The following example of the definition of the action space of the wind control service according to the embodiment of the present invention is as follows: assuming a personal credit business scene, the credit limit range is 30000-50000 yuan, the annual interest rate is 8% -12%, the term can be selected from 6 months and 12 months, and a simple action space A is defined as shown in the following table 1.

In specific application, the return prediction Network may select a classical neural Network model including Q-Learning, DQN (Deep Q Network), Double DQN, etc., or adjust a Network structure, parameters, etc. based on the neural Network model to meet personalized requirements of a specific service scenario.

And step S104, calculating by a return prediction network to obtain the prediction return after each action in the action space is implemented, selecting and implementing the action with the maximum expected return by adopting a preset search strategy, and returning credit lines, interest rates, time limits and credit passing decision results corresponding to the actions to the user.

When a user initiates a credit granting or borrowing request, the reinforcement learning model takes the state vector as input, adopts a preset search strategy (such as a greedy exploration strategy) to select and implement the action with the maximum expected return, and simultaneously returns the results of credit limit, interest rate, time limit, passing or not and the like corresponding to the action to the user to complete the auditing process. It should be noted that: in a debit request, it may happen that a line of credit, a term of age, has been selected by the user, making part of the action not optional, but not affecting the search of the action space.

In the reinforcement learning concept: while the state is transferred, the environment is fed back to the agent in a return according to the potential value function R (s, a), and the learning goal of the agent is to achieve the maximum return.

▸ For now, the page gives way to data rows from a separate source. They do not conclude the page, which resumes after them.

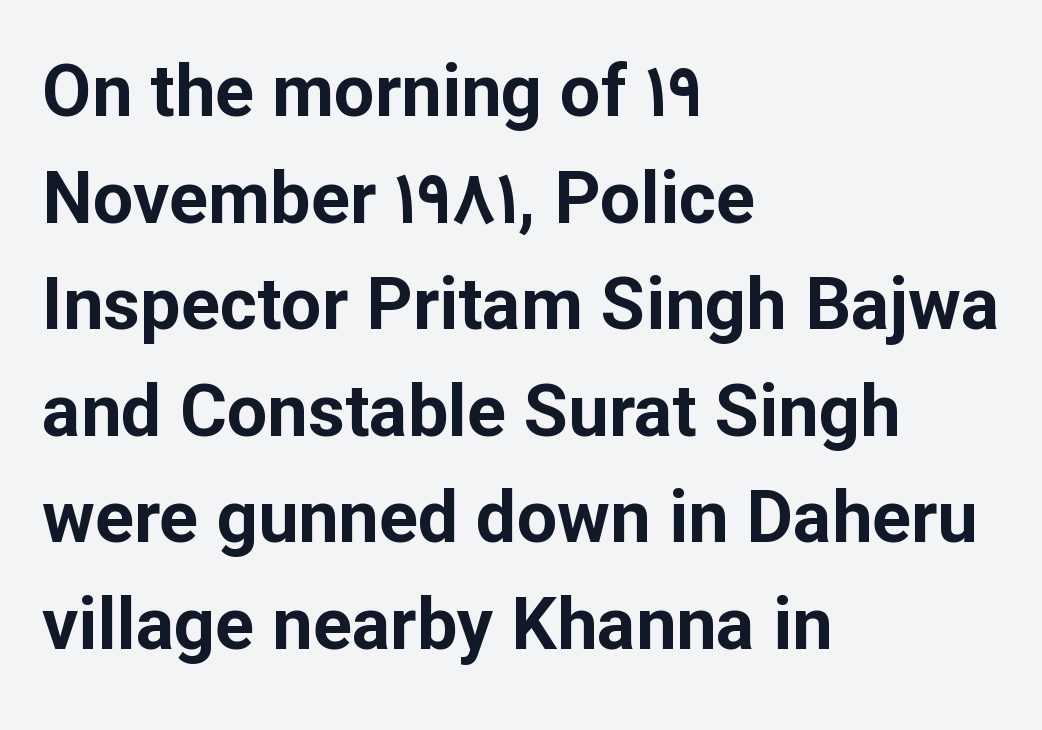
{"serif": "no", "italic": "no", "bold": "yes", "weight": "bold", "width": "normal", "stroke_contrast": "low", "x_height": "medium", "monospaced": "no", "underline": "no", "align": "left", "line_spacing": "normal", "line_spacing_ratio": 1.48, "letter_spacing": "normal", "letter_spacing_em": 0.0, "glyph_px": 72}
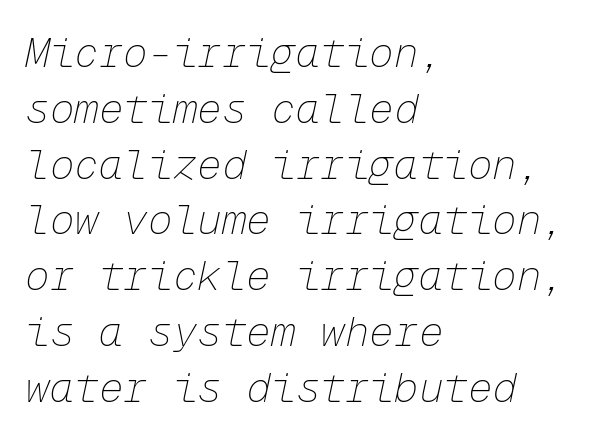
{"italic": "yes", "lean": "right", "slant_degrees": 12, "bold": "no", "weight": "thin", "width": "normal", "stroke_contrast": "low", "x_height": "medium", "monospaced": "yes", "underline": "no", "align": "left", "line_spacing": "normal", "line_spacing_ratio": 1.36, "letter_spacing": "normal", "letter_spacing_em": 0.0, "glyph_px": 41}
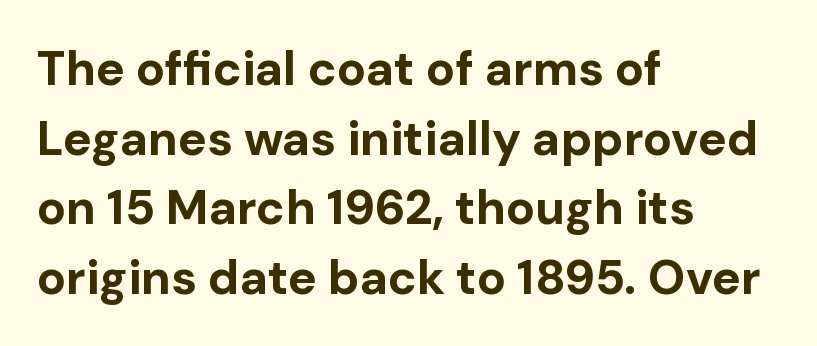
The image shows 48 px bold sans-serif type, upright; set left-aligned, normal line spacing (1.45x), normal letter spacing, not underlined; low stroke contrast and a medium x-height.

The cost function R (s, a) represents the return from the state s after the action a is performed. In combination with a business scenario, the wind control system is used as a part of business behaviors, and the fundamental goal is profit maximization, so the return in reinforcement learning of the embodiment of the invention is defined as annual profit margin, and the value function R is an annual profit margin calculation formula. The reinforcement learning model selects and implements the action with the maximum predicted annual profit rate output by the return prediction network to generate real return.

In this embodiment, taking the repayment mode from rest first and then from rest (paying interest per month and returning principal fund after the expiration) as an example, the annual profit margin calculation formula of one order is as follows: annual profit margin = [ profit margin/deadline (day) ] x 365 days x 100%, profit margin = profit/payout amount, profit = income-cost = real payback fee-bad account-capital cost-data cost-other cost, bad account = payback money + payback money-real payback fee, capital cost = payout amount x deadline (day) x annual fund interest rate/365 days. The income comprises real interest charges, and the cost comprises bad accounts, capital cost, data cost and other cost (such as customer acquisition cost, server equipment, research and development cost and the like). The annual capital interest rate is a fixed value that is agreed with the contracting funder. The data cost is the sum of the costs of all data sources actually called by the order. For a data source charged by a single call, the cost is the unit price of the data source. And (4) for the data source charged in a packet year, uniformly distributing and estimating the single call cost according to the annual call amount. In the case where the user's credit request is denied, the real return charge, bad account, and capital costs for the order are all zero.

And step S105, after the credit order is expired, acquiring an actual repayment result of the user, calculating a real return after action implementation, and updating return prediction network parameters in the reinforcement learning model by taking return maximization as a target according to the real return and prediction return.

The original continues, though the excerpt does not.